Rozdział 20 | Niespodziewany prezent

994 132 243
                                    

Leżałam na łóżku z Zoe i przytulałam ją do siebie, czytając jej książeczkę. Czuła się już dużo lepiej i choć siły jej wróciły i wyraźnie odżyła, chciałam, by teraz zgodnie z zaleceniem lekarza dużo odpoczywała. Kiernan pojechał na chwilę do miasteczka, aby wykupić wszystkie potrzebne leki.

Uniosłam wzrok znad książki, gdy usłyszałam, że ktoś wszedł do domu. Chwilę później, dotarły do mnie zbliżające się kroki.

— To tylko ja. — zza drzwi pokoju dobiegł do mnie głos Kiernana.

Lekko odetchnęłam. Widział, że się bałam, kiedy zostawiał nas same. Jego troska coraz bardziej mnie zaskakiwała.

Zapukał, a już po chwili, po drugiej stronie rozbrzmiało pytanie:

— Mogę wejść?

Zdziwiłam się, bo nigdy tego nie robił. Zawsze po prostu wchodził.

— Tak — powiedziałam pospiesznie.

Zoe wtulała się we mnie. Jej mała rączka oplatała mnie w pasie, a główka spoczywała na moim ramieniu.

Kiernan pociągnął za klamkę i pewnym krokiem wszedł do pokoju. Zamarłam, gdy zauważyłam, że... nie był sam. Trzymał w ramionach małego, rudego kotka, który cicho miauczał, jakby wyczuwał zbliżające się emocje. Otworzyłam ze zdumienia oczy.

— Co... co to jest? — spytałam, przeskakując wzrokiem między nim, a puchatym zwierzakiem.

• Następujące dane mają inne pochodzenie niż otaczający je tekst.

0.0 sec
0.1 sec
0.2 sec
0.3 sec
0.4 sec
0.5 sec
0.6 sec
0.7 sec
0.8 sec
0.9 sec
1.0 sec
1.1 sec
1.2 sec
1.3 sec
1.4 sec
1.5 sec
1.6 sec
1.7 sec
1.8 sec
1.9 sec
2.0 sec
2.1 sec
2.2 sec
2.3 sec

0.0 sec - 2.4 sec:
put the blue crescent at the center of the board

Uśmiechnął się krnąbrnie, ale nie zdążył odpowiedzieć, bo Zoe od razu się poderwała i usiadła na łóżku.

— Koteeek! — pisnęła.

Jej oczka rozbłysły, a buzia rozpromieniła się, jak nigdy dotąd.

Uśmiech Kiernana się poszerzył.

— Mam coś dla ciebie, mała. — powiedział ciepłym głosem i przykucnął przy niej, z drugiej strony łóżka, pozwalając jej dotknąć miękkiego futerka.

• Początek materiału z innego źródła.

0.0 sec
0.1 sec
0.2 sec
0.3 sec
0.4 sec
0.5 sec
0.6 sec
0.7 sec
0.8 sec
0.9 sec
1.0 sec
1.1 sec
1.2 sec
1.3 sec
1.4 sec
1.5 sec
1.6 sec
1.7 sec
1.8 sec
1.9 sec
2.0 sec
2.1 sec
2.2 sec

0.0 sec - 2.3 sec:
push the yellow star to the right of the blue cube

Gdy tylko wyciągnęła rączkę, spojrzał na mnie. Nasze oczy się spotkały. Nie byłam w stanie nic powiedzieć. Wszystkiego się po nim spodziewałam, ale na pewno nie tego.

— To... dla mnie? — spytała cichutko Zoe, wybijając mnie z chwilowego transu, który właśnie mnie pochłonął.

Patrzyła na niego niedowierzaniem, głaszcząc delikatnie kotka po łebku.

Jego twarz rozjaśniła delikatna nuta samozadowolenia.

— Oczywiście, że dla ciebie. Każdy bohater potrzebuje przyjaciela z super mocami, a ten jest wyjątkowy.

Jej oczka się zaświeciły.

— Wyjątkiowy? — powtórzyła z malutkim błędem, wpatrując się z zachwytem w puchate zwierzątko.

Kąciki ust Kiernana uniosły się jeszcze wyżej.

— Tak. Kupiłem go w sklepie dla małych superbohaterek. Będzie zawsze przy tobie.

— Naplawdę? To znaczy, zie... będzie mnie kochał?

— Oczywiście, mała. — poczochrał jej włoski — Każdy, kto cię pozna, na pewno cię pokocha.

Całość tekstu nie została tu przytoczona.